Exactly the lines from the one with "Q: Is the text underlined? A: No." through the end of the records below are needed, minus any pictures.

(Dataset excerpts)
● ● ●

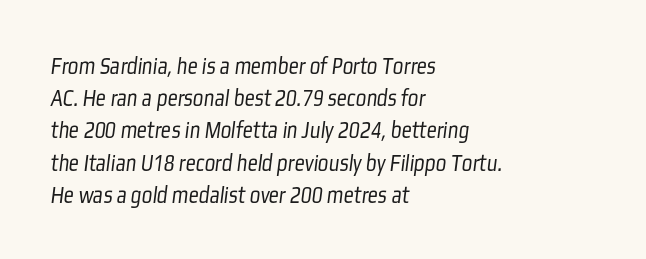
Q: Is the text bold? A: No.
Q: Is the text underlined? A: No.
Q: How is the paragraph aligned? A: Left-aligned.
Q: Is the spacing between letters normal or unusually wide? A: Normal.
Q: Is the spacing between lines tight, normal or loose? A: Normal.
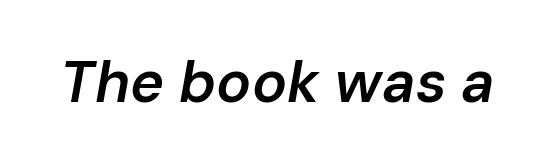
The letters are slanted; this is an italic face. These words are printed semibold, heavier than regular yet not bold. You could call the tracking neutral — neither tight nor loose. Anything drawn beneath the words? Only blank space.
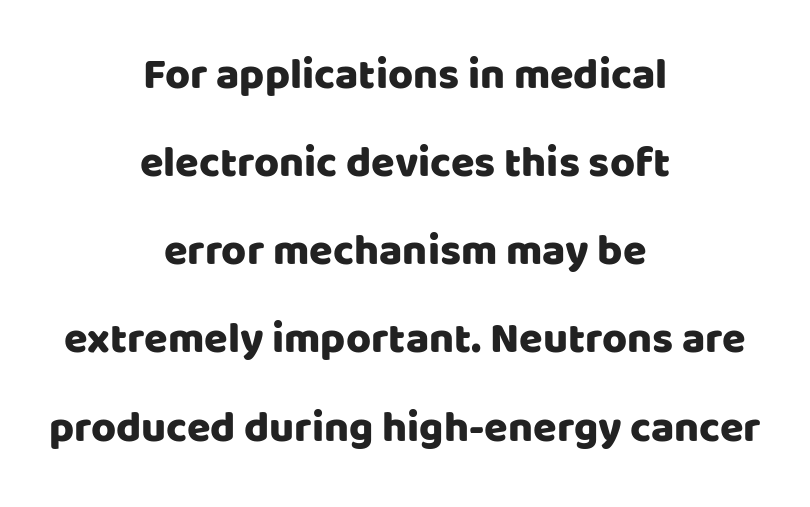
You could call the tracking neutral — neither tight nor loose. Character widths vary here, with narrow letters taking less room than wide ones. The font family rendered here belongs to the sans-serif group. Reading down the block, each line starts at a different indent, mirrored at its end. The space beneath each line is pristine and unruled. A great deal of white space separates one row of letters from the next.

● ● ●

# REPLY TO THE TASK
Q: Is the text underlined? A: No.
Q: How is the paragraph aligned? A: Left-aligned.
Q: Is the spacing between letters normal or unusually wide? A: Normal.
Q: Is the spacing between lines tight, normal or loose? A: Normal.
The letters are slanted; this is an italic face. These words are printed semibold, heavier than regular yet not bold. You could call the tracking neutral — neither tight nor loose. Anything drawn beneath the words? Only blank space.
You could call the tracking neutral — neither tight nor loose. Character widths vary here, with narrow letters taking less room than wide ones. The font family rendered here belongs to the sans-serif group. Reading down the block, each line starts at a different indent, mirrored at its end. The space beneath each line is pristine and unruled. A great deal of white space separates one row of letters from the next.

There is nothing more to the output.